Overview
Super Mario Galaxy 2 is a 2010 platform video game developed for the Wii. It is a direct sequel to Super Mario Galaxy, retaining the series’ distinctive planetoid gravity and free-form spatial platforming while introducing new mechanics and levels. The objective remains familiar: guide Mario through a sequence of themed galaxies to recover Power Stars and rescue Princess Peach.
Gameplay and characteristics
The game preserves the original’s emphasis on short, highly varied courses built around spherical or irregular platforms. Players navigate with the Wii Remote and Nunchuk controls, using jumps, spin attacks and midair maneuvers. A secondary player can assist by collecting Star Bits and interacting with the environment in a cooperative role.

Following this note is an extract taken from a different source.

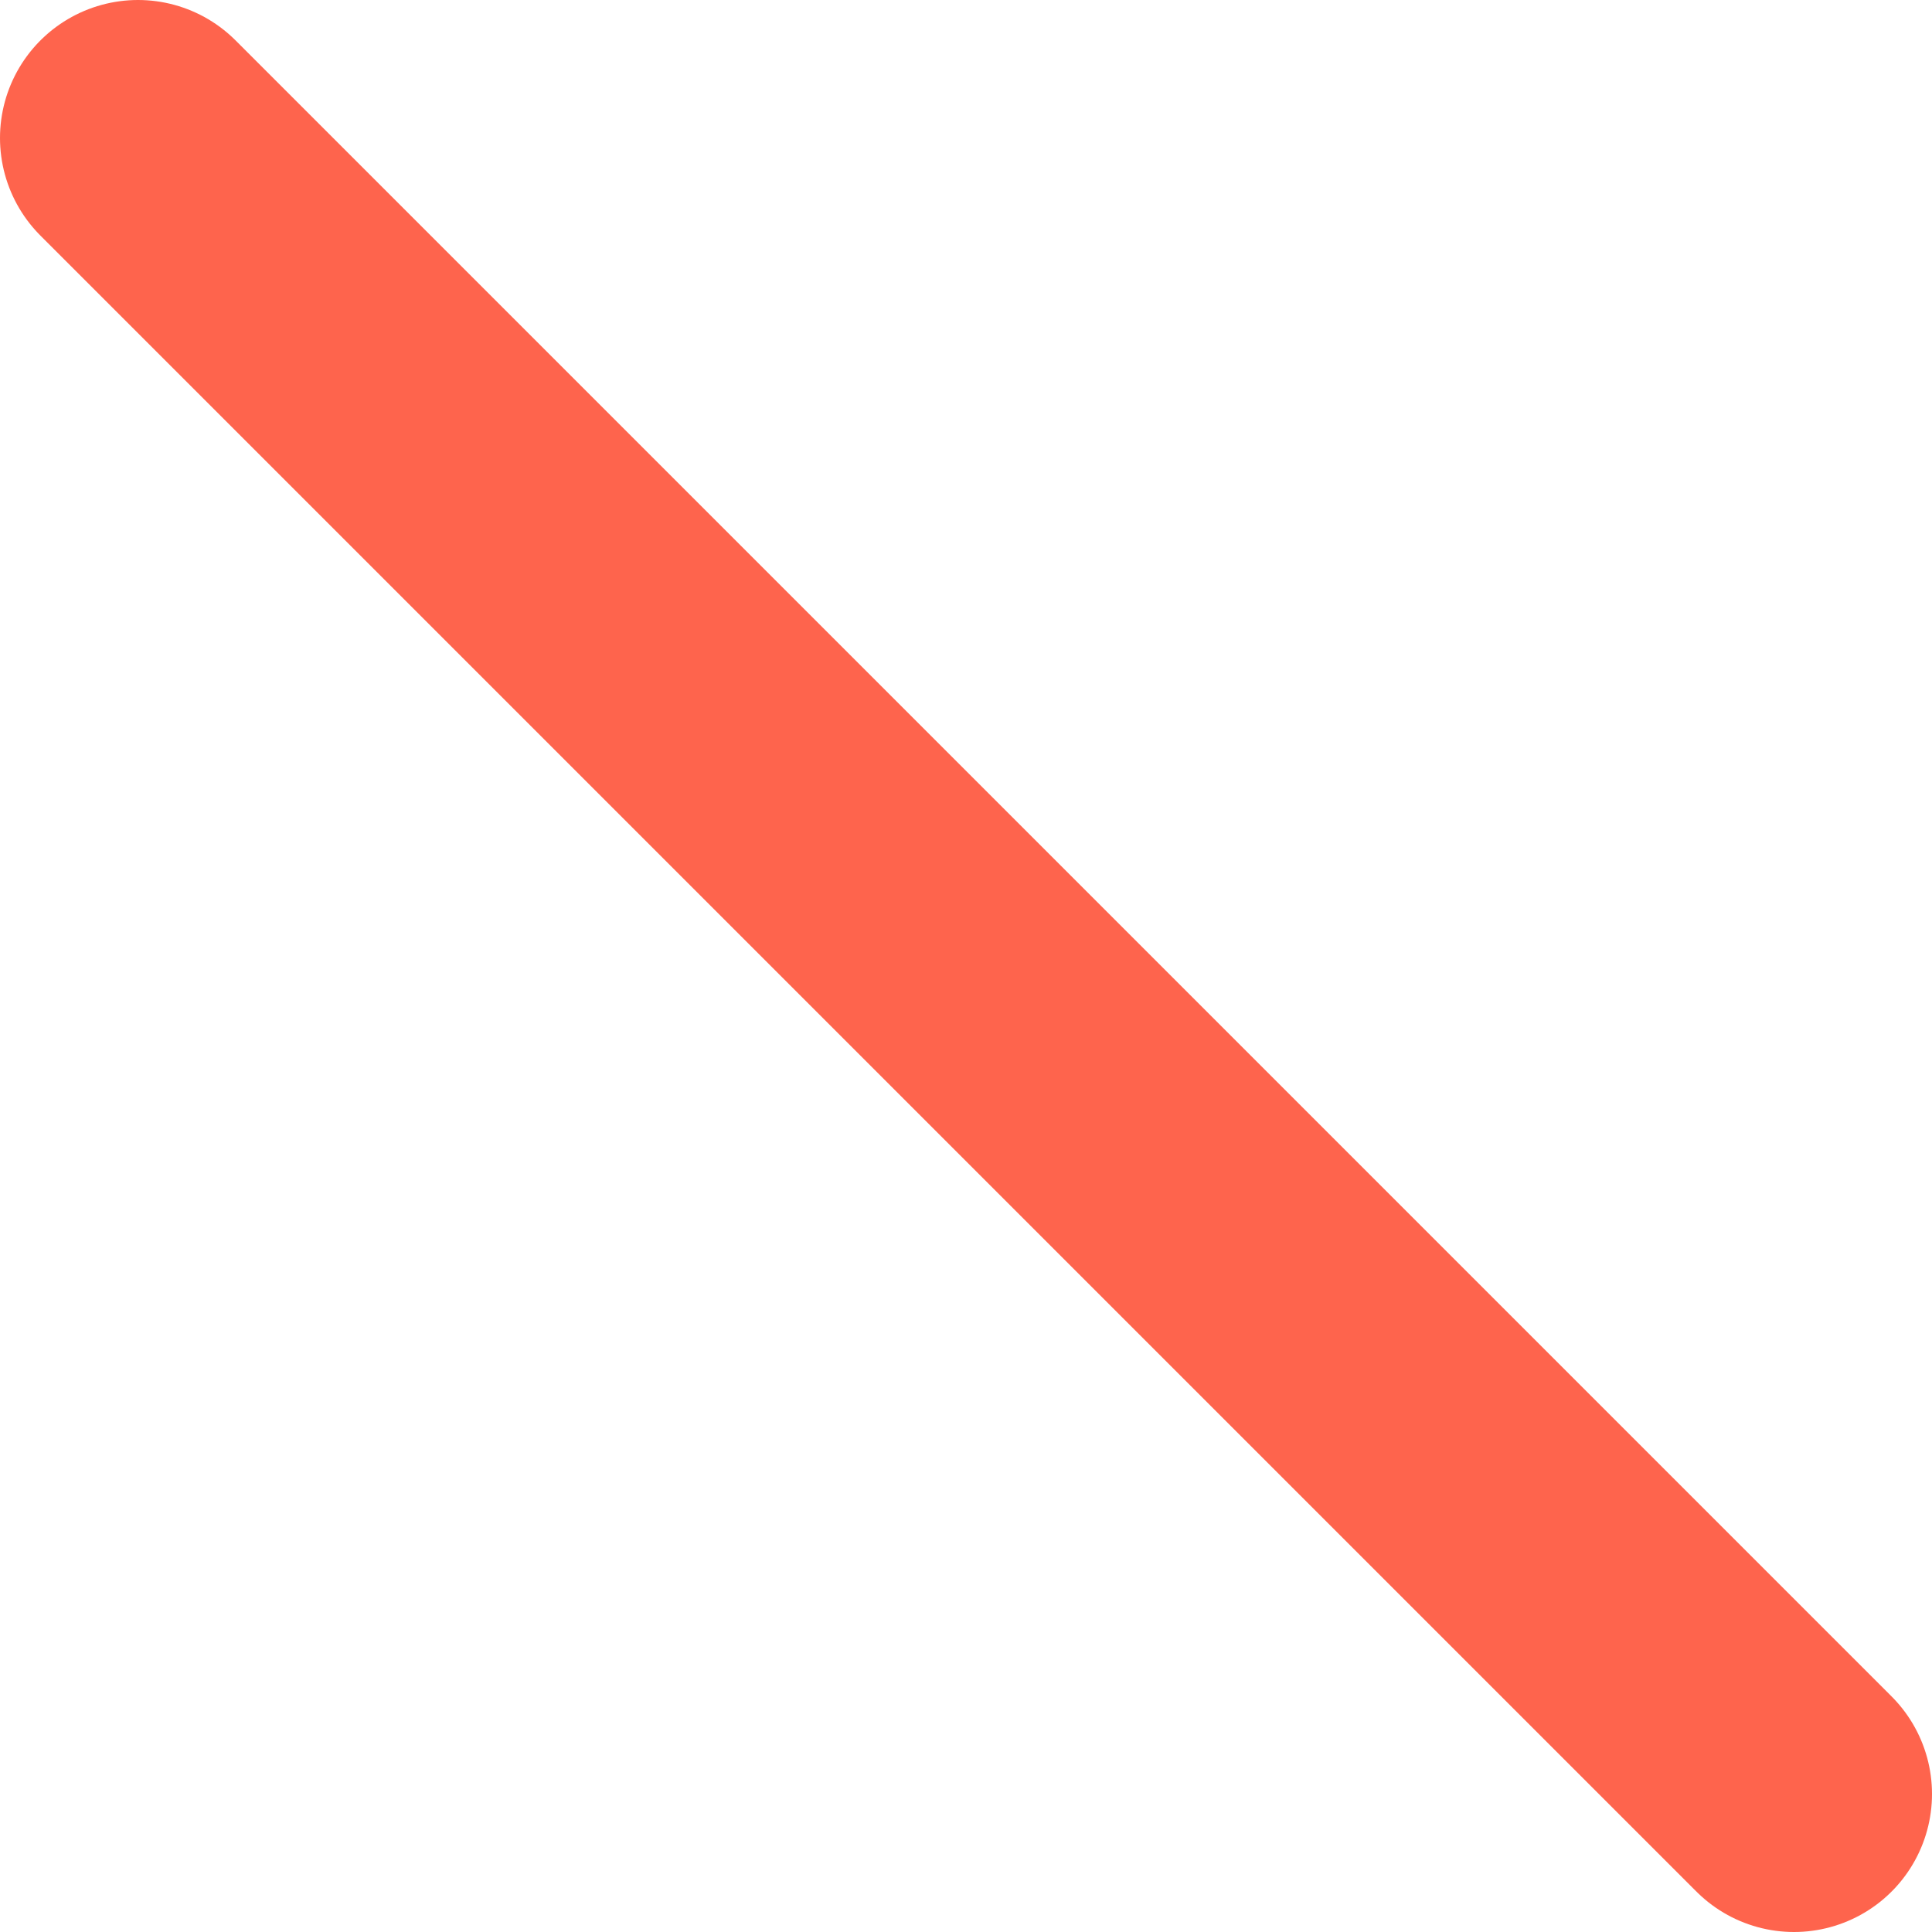 <?xml version="1.0" encoding="UTF-8"?> <svg xmlns="http://www.w3.org/2000/svg" width="28" height="28" viewBox="0 0 28 28" fill="none"> <path d="M2 2L26 26" stroke="#FE644D" stroke-width="4" stroke-linecap="round"></path> </svg>

- Yoshi: For the first time in the Galaxy subseries, Mario can ride Yoshi, enabling ground-based maneuvers, tongue attacks and special abilities.
- New power-ups: The game adds distinctive items such as the Cloud Flower (creates temporary platforms) and the Rock Mushroom (turns Mario into a rolling boulder), which complement returning transformations.
- Collectibles and replayability: Stars, Star Bits and hidden objectives encourage revisiting stages with new abilities to access alternate routes.
Development and release
The title was announced at E3 2009 and released in 2010 across regions. It arrived in Japan in the second quarter of 2010, on May 23, 2010 in North America, on June 11, 2010 in Europe, and during June–August 2010 in Australia. The design reused and refined the engine and ideas of its predecessor, focusing on tighter level design and platforming challenges.
Reception and legacy
Critics praised the game for imaginative stage design, inventive use of gravity, and polished controls. It is often noted for increasing the series’ emphasis on precision platforming and for providing some of the most inventive single-level concepts in modern Mario titles. Many players and reviewers ranked it among the stronger entries on the Wii.
Notable distinctions
Compared with its predecessor, the sequel is considered more platforming-focused and slightly more challenging, with new tools (including the new power-ups) that change how stages are approached. The presence of Yoshi and the addition of creative items like the Cloud Flower broadened the franchise’s movement options while keeping the original’s cinematic, stage-by-stage structure.